REVA Medical, Inc. (San Diego, California) is investigating a fully absorbable polymer stent with a ‘slide and lock’ design—sliding parts with monodirectional lockouts that are hypothesized to result in a nearly negligible stent recoil (see Figure 3). The stent consists of a radiopaque tyrosine-derived polycarbonate backbone. The composition of the polymer, comprising three basic components, allows the resorption time to be varied by a change in the ratio of these components. Both a bare and a paclitaxel-eluting version, in which the polymer is mixed with the drug, will become available. The Randomized Endovascular Study of the REVA Bioresorbable Stent (RESORB) clinical trial has recently been designed to assess the safety of this new platform.
The new generation of a bioabsorbable everolimus-eluting stent BVS (Abbott Vascular, Santa, Clara, CA) has shown no cardiac death and no restenosis at two years in 30 patients, and also no late stent thrombosis was recorded.94 The BVS has a bioabsorbable polylactic acid backbone with bioabsorbable polylactic acid coating that contains the antiproliferative drug evirolimus.94
Another alternative for the metallic backbone of the stent was found in magnesium. Magnesium, with antithrombotic, antiarrhythmic, and antiproliferative properties, is one of the first natural body components to be used as a basis for a bioabsorbable stent. Several experimental studies to evaluate the efficacy of a magnesium alloy stent degradable by biocorrosion have been performed. Heublein et al. described the use of a coronary stent prototype that consisted of the non-commercial magnesium-based alloy AE21 (contains 2% aluminum and 1% rare earth metals) with an expected 50% loss of mass within six months in 11 domestic pigs (see Figure 4). Quantitative angiography at follow-up showed a significant 40% loss of perfused lumen between 10 and 35 days caused by the loss of mechanical integrity of the stent.91 One year later, the use of a bioabsorbable magnesium-alloy-based stent with a controlled corrosion in 20 patients with critical limb ischemia was described. At nine months, a 90% vessel patency was observed.92 As a result of the successful FIM trial (n=5) by Erbel and colleagues, the enrollment in the larger worldwide Clinical Performance and Angiographic Results in Absorbable Metal Stents (PROGRESS-AMS) study has recently been completed.93 The four-month results showed a late loss of 1.08±-0.49 and an ischemia-driven TLR rate of 23.8%, which was similar to those reported with the use of BMS.
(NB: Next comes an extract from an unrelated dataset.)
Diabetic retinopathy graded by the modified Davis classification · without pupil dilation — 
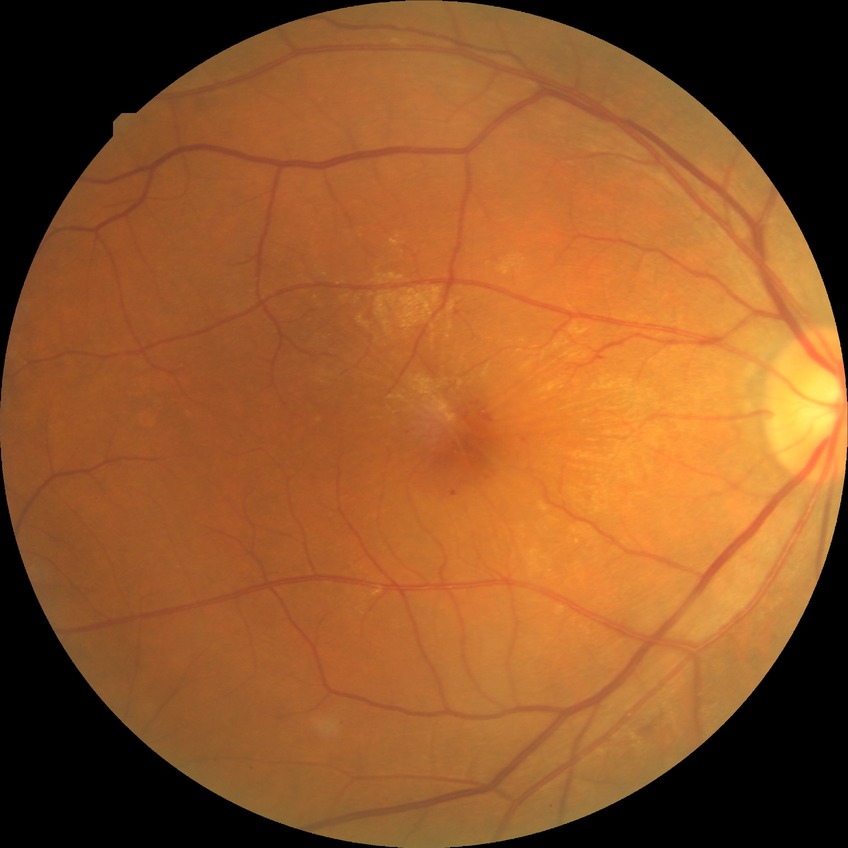
Diabetic retinopathy (DR) is SDR (simple diabetic retinopathy).

Recently, reservoir technology was used in the NEVO™ sirolimus-eluting stent (Cordis). The theoretical principle is to have the drug released from these reservoirs as opposed to coating the entire stent with the drug. By doing so 70% of the stent will remain bare-metal and within three months after full drug release will be 100% bare-metal. The results of the first trial (NEVO RES-1 study) comparing this technology with the paclitaxel-coated Liberte stent, presented at Euro PCR 2009, showed that at six months late loss was significantly lower in the NEVO stent arm (0.13 versus 0.36; p<0/001). However, this did not translate into a significant difference in TLR rate.
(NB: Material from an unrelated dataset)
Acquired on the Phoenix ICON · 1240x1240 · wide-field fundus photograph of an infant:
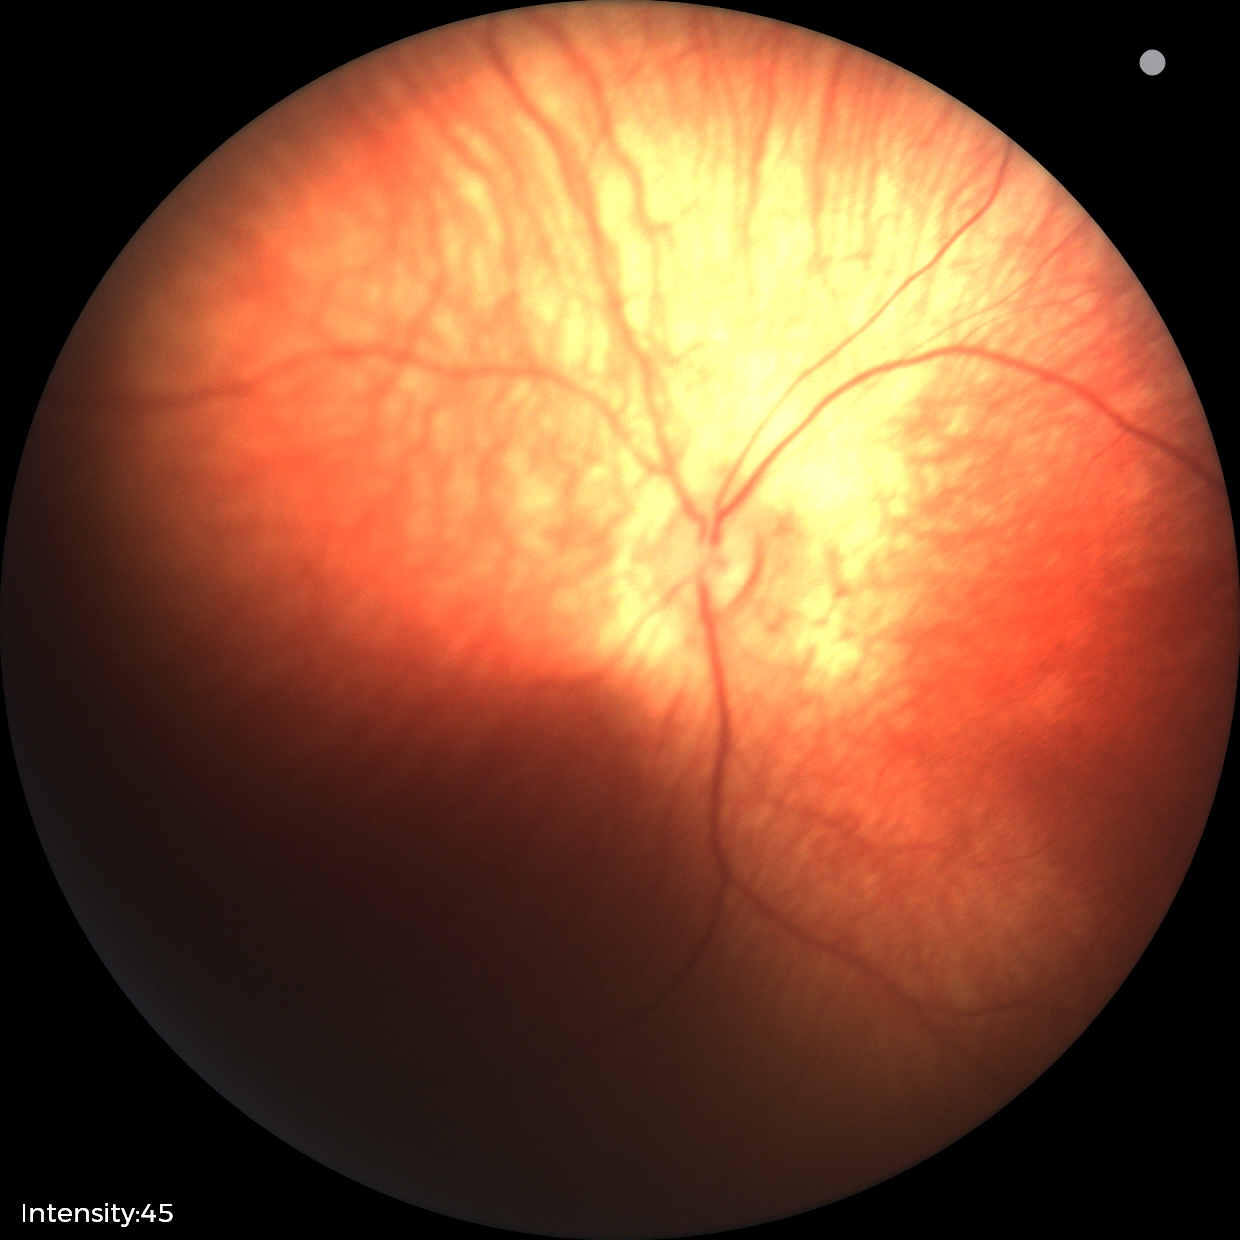 Screening examination diagnosed as physiological.

DES are effective in reducing the need for repeat revascularization. However, as with any new medical device, there are still unresolved issues regarding the platform, the drug kinetics, and the drug carrier. These are currently under development and we may be in for a new generation of platforms that will probably be bioabsorable and double-coated to enhance endothelialization and, at the same time, inhibit new intimal hyperplasia with a drug that is safe and carried by a non-toxic polymer. These new developments in safety must be meticulously scrutinized before being introduced into interventional cardiology.